Everything in the records below must be repeated exactly, except the pictures.

=== Raw data ===

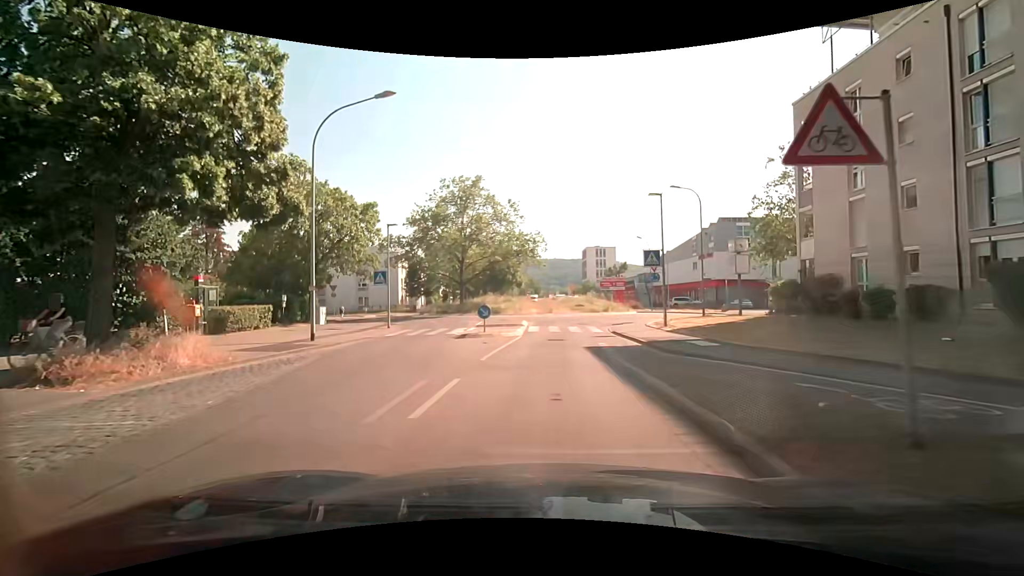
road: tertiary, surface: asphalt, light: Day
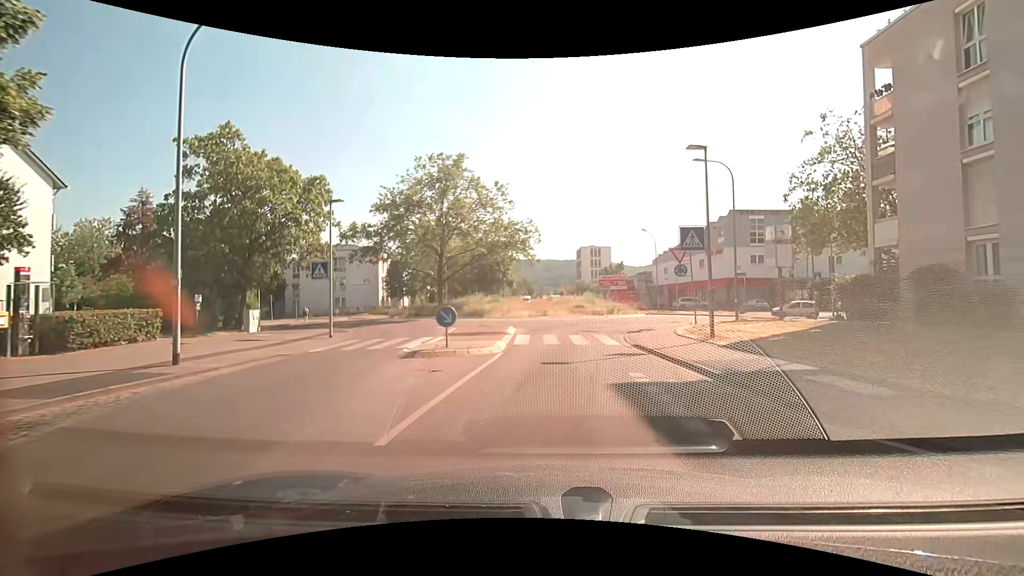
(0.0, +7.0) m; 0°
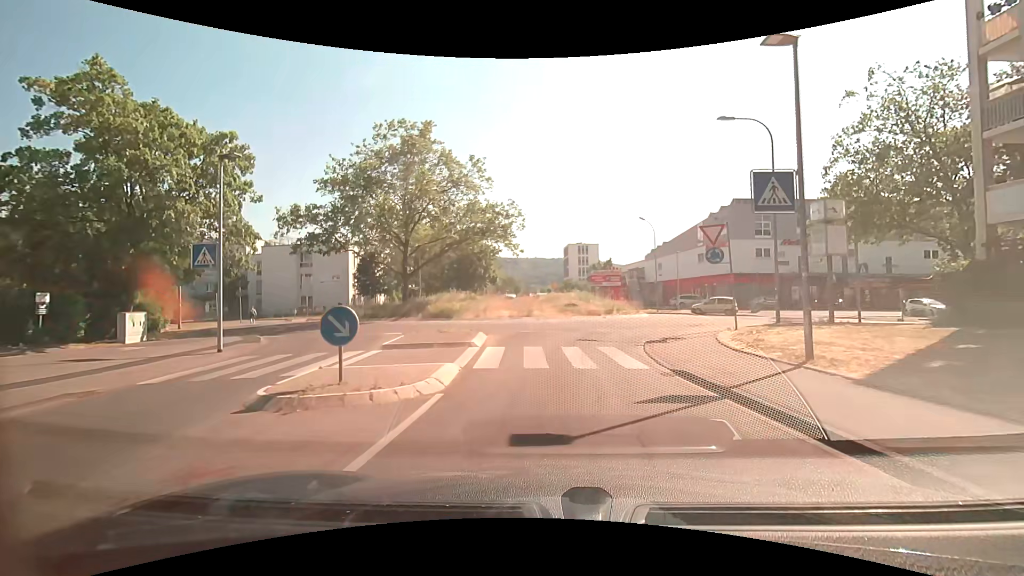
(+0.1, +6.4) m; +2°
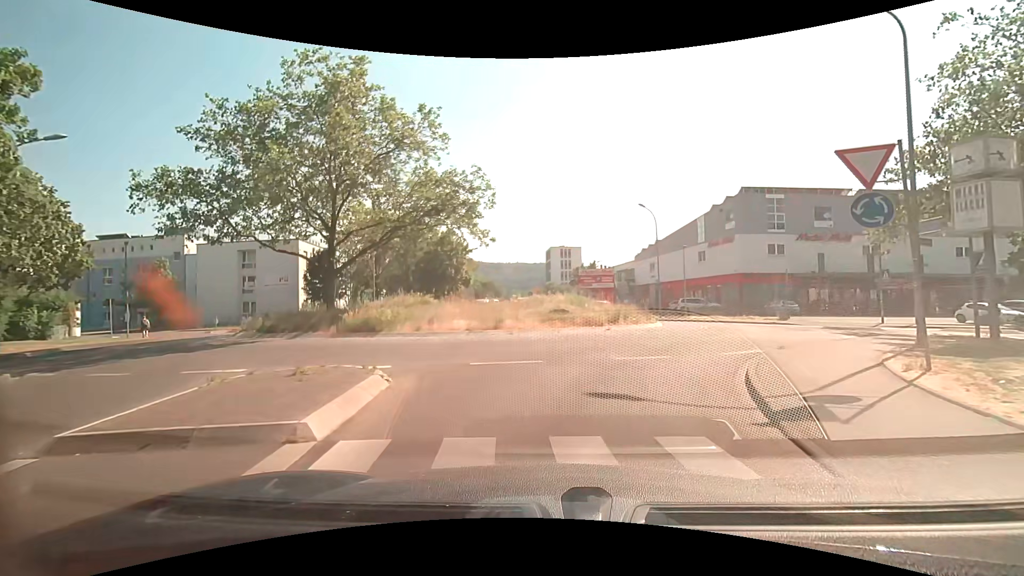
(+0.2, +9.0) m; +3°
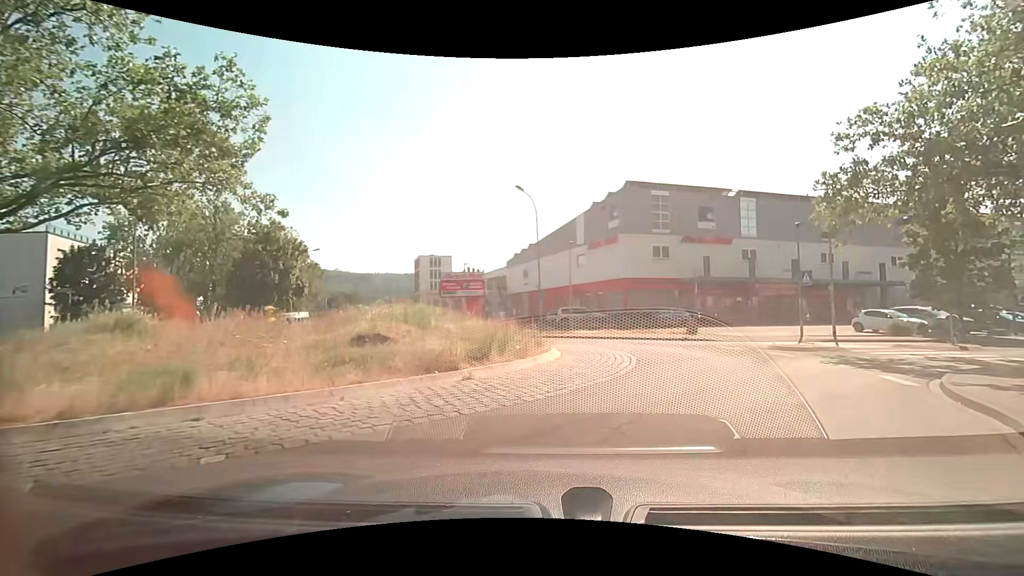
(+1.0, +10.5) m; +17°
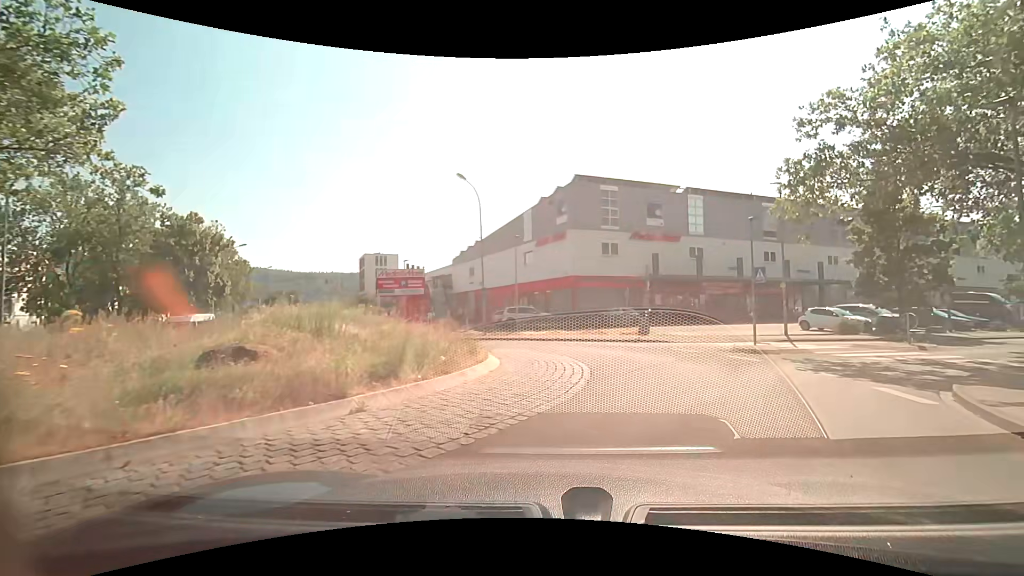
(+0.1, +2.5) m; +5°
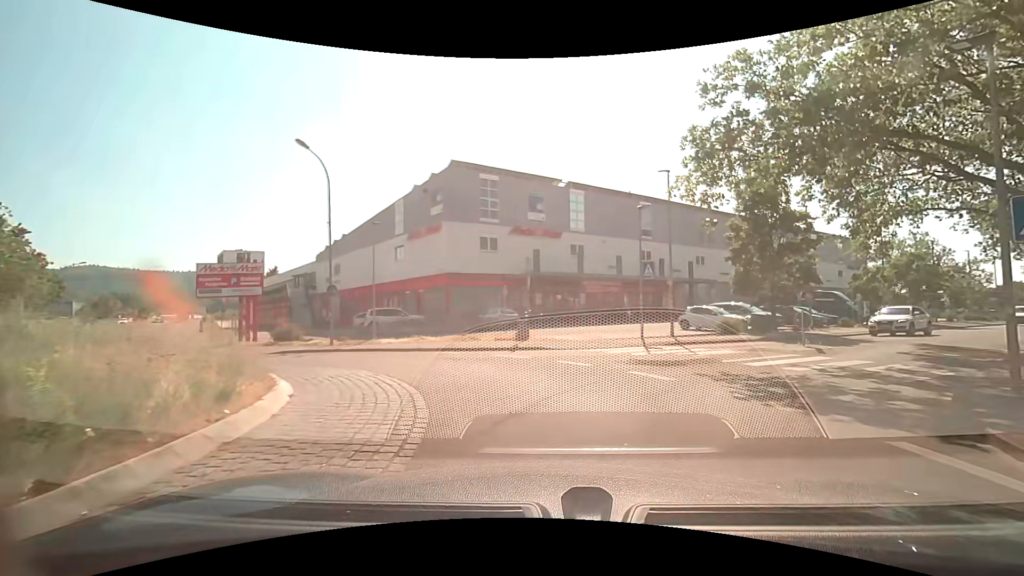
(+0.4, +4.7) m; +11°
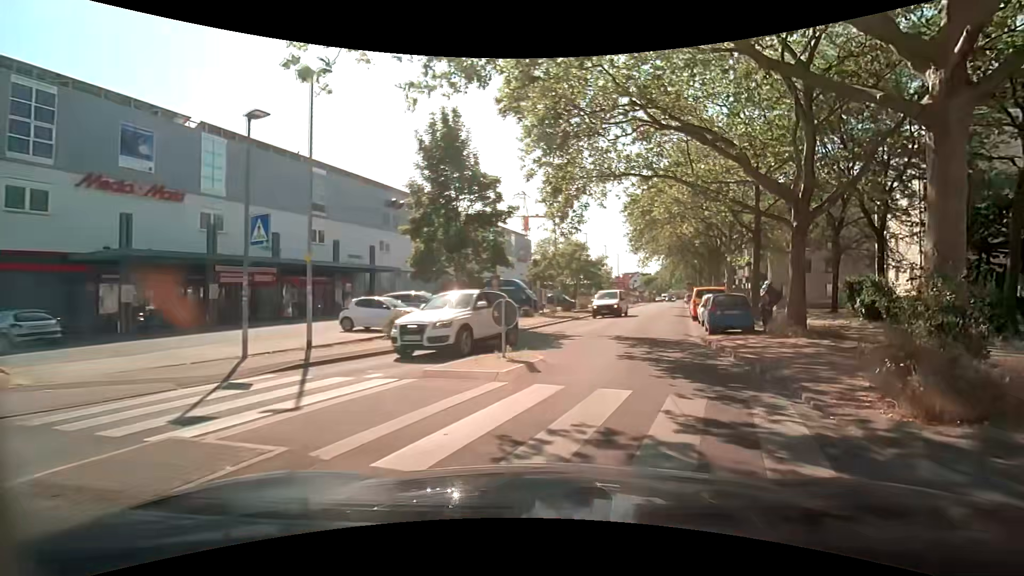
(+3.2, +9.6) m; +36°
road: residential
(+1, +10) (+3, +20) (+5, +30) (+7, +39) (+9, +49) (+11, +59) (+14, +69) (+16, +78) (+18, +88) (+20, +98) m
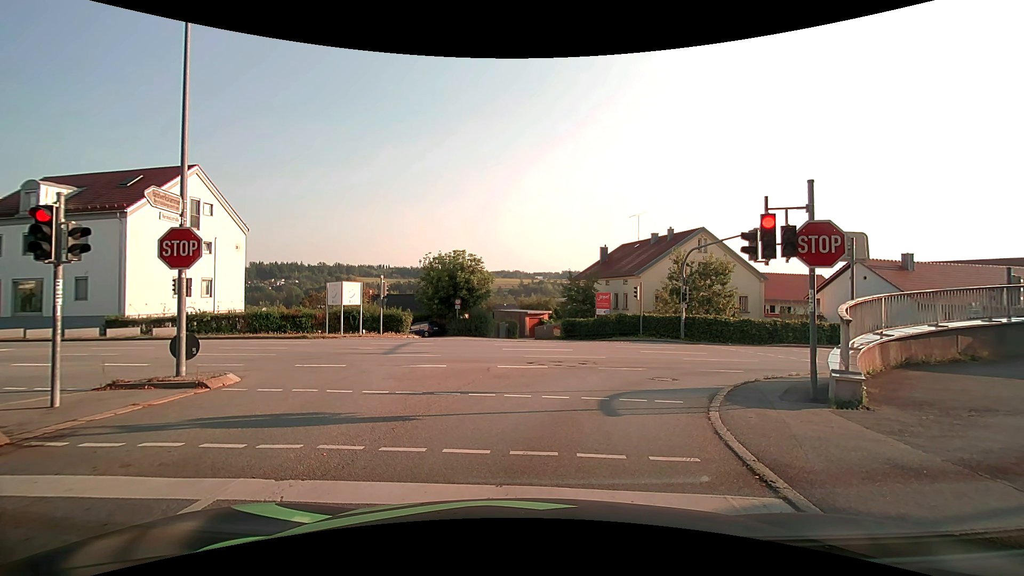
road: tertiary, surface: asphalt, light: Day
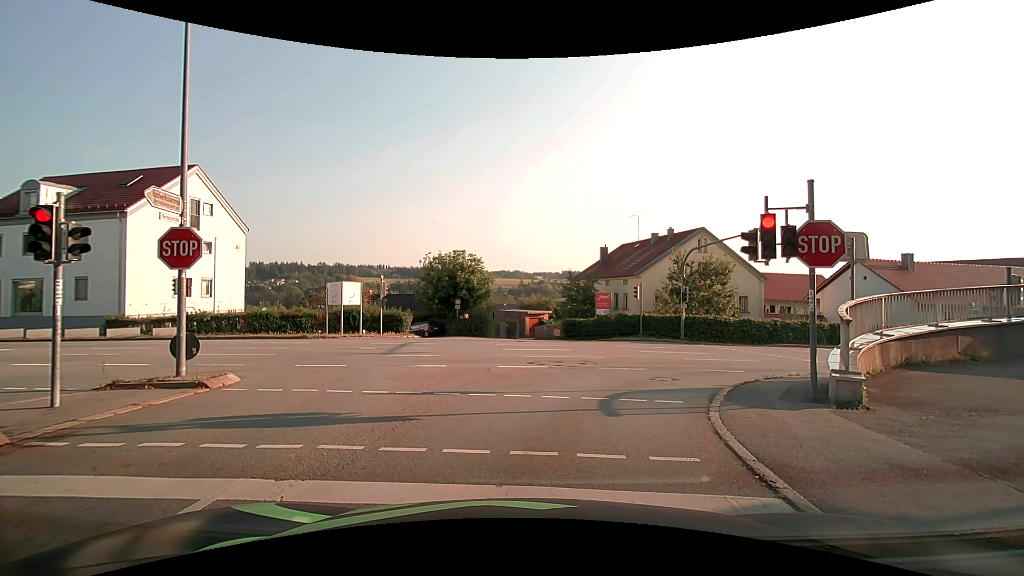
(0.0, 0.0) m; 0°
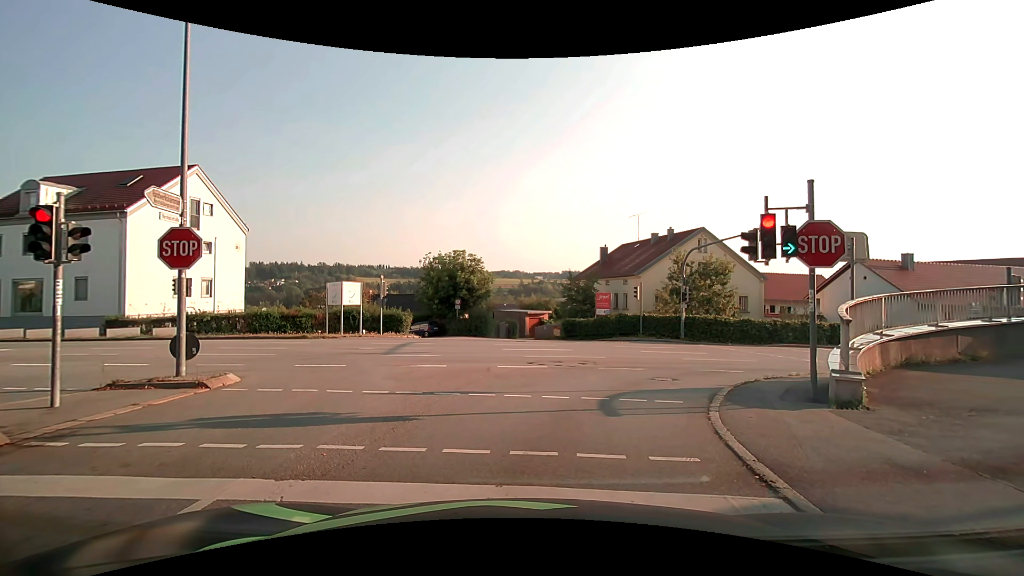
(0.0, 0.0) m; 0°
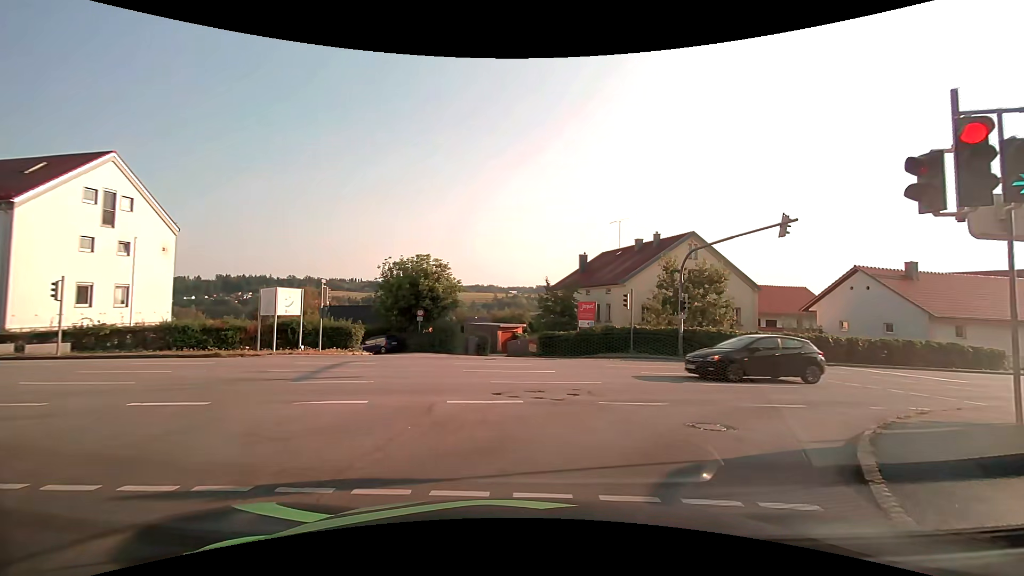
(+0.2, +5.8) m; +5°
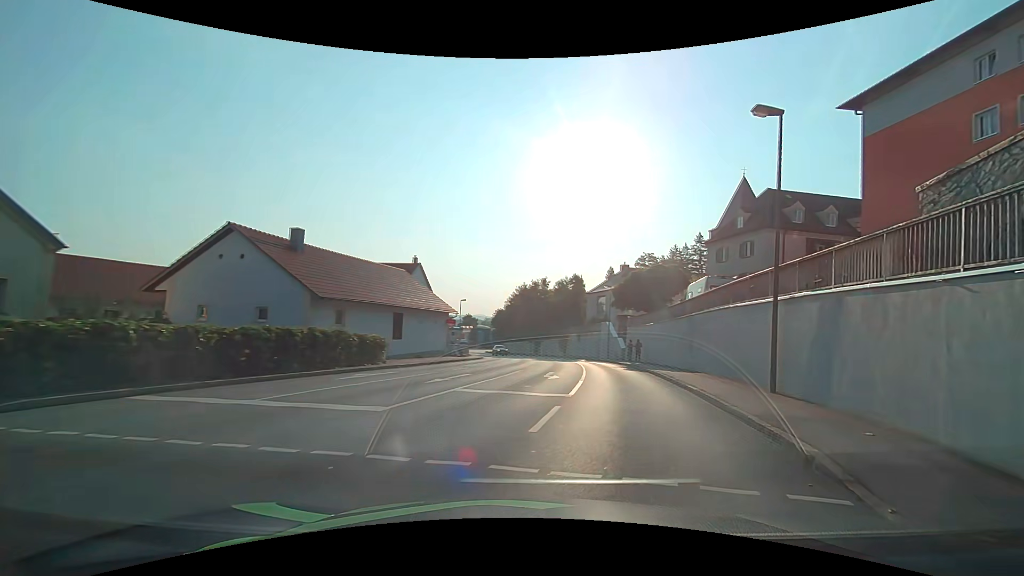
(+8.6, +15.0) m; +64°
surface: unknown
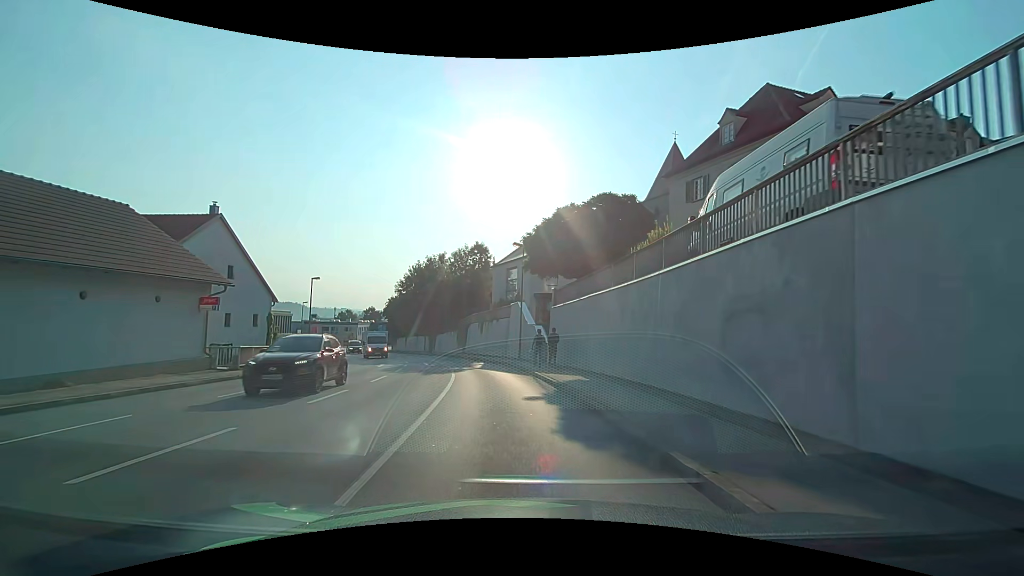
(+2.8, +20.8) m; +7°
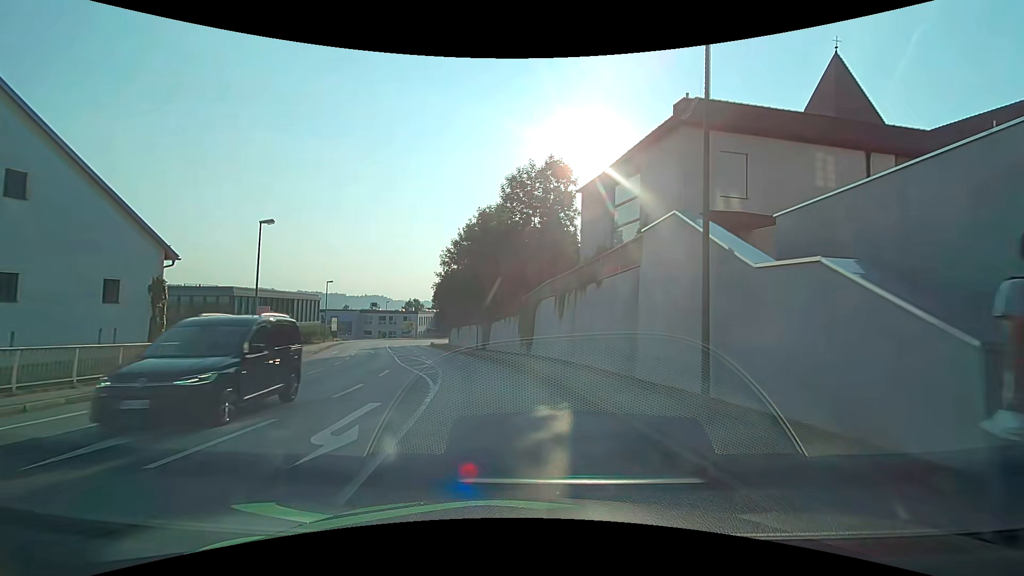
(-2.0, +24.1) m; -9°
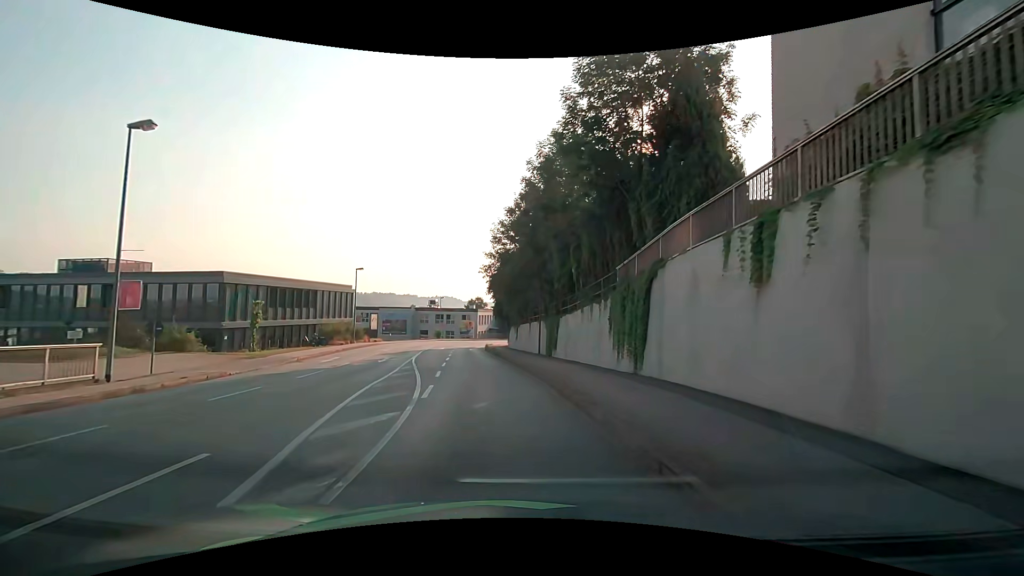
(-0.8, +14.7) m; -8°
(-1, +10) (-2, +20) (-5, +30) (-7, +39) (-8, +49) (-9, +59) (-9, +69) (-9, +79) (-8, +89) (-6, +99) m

===

* [Solution for this exercise]:
road: tertiary, surface: asphalt, light: Day
(0.0, +7.0) m; 0°
(+0.1, +6.4) m; +2°
(+0.2, +9.0) m; +3°
(+1.0, +10.5) m; +17°
(+0.1, +2.5) m; +5°
(+0.4, +4.7) m; +11°
(+3.2, +9.6) m; +36°
road: residential
(+1, +10) (+3, +20) (+5, +30) (+7, +39) (+9, +49) (+11, +59) (+14, +69) (+16, +78) (+18, +88) (+20, +98) m
road: tertiary, surface: asphalt, light: Day
(0.0, 0.0) m; 0°
(0.0, 0.0) m; 0°
(+0.2, +5.8) m; +5°
(+8.6, +15.0) m; +64°
surface: unknown
(+2.8, +20.8) m; +7°
(-2.0, +24.1) m; -9°
(-0.8, +14.7) m; -8°
(-1, +10) (-2, +20) (-5, +30) (-7, +39) (-8, +49) (-9, +59) (-9, +69) (-9, +79) (-8, +89) (-6, +99) m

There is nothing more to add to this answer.